AI21 Labs introduces Jamba, a groundbreaking AI model that surpasses traditional limits in handling context. Led by Or Dagan, the product lead at AI21 Labs, the company unveils a generative model designed to challenge the notion that large context windows require excessive computational resources. Jamba stands out for its unique blend of transformers and state space models (SSMs), offering a promising solution to the compute-intensive nature of long-context AI models.
Transformers, renowned for their role in complex reasoning tasks, serve as the cornerstone of models like GPT-4 and Google's Gemini. Central to transformers is their attention mechanism, which evaluates the relevance of input data to generate output.
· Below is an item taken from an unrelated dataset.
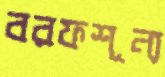
বরফশূন্য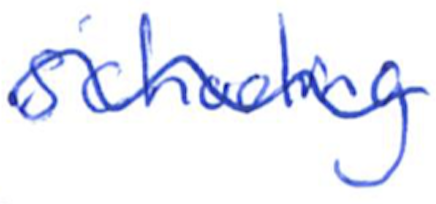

Conversely, SSMs integrate features from older AI models like recurrent and convolutional neural networks, presenting a more computationally efficient architecture capable of handling extended data sequences.
Jamba leverages Mamba, an open source SSM model, as part of its core architecture, promising three times the throughput on long contexts compared to transformer-based models of similar sizes. With a capacity to handle up to 140,000 tokens on a single GPU, Jamba sets a new standard for efficiency and performance in text generation and analysis. While its initial release under the Apache 2.0 license emphasizes research over commercial use, AI21 Labs anticipates future iterations with enhanced safety measures and improved performance.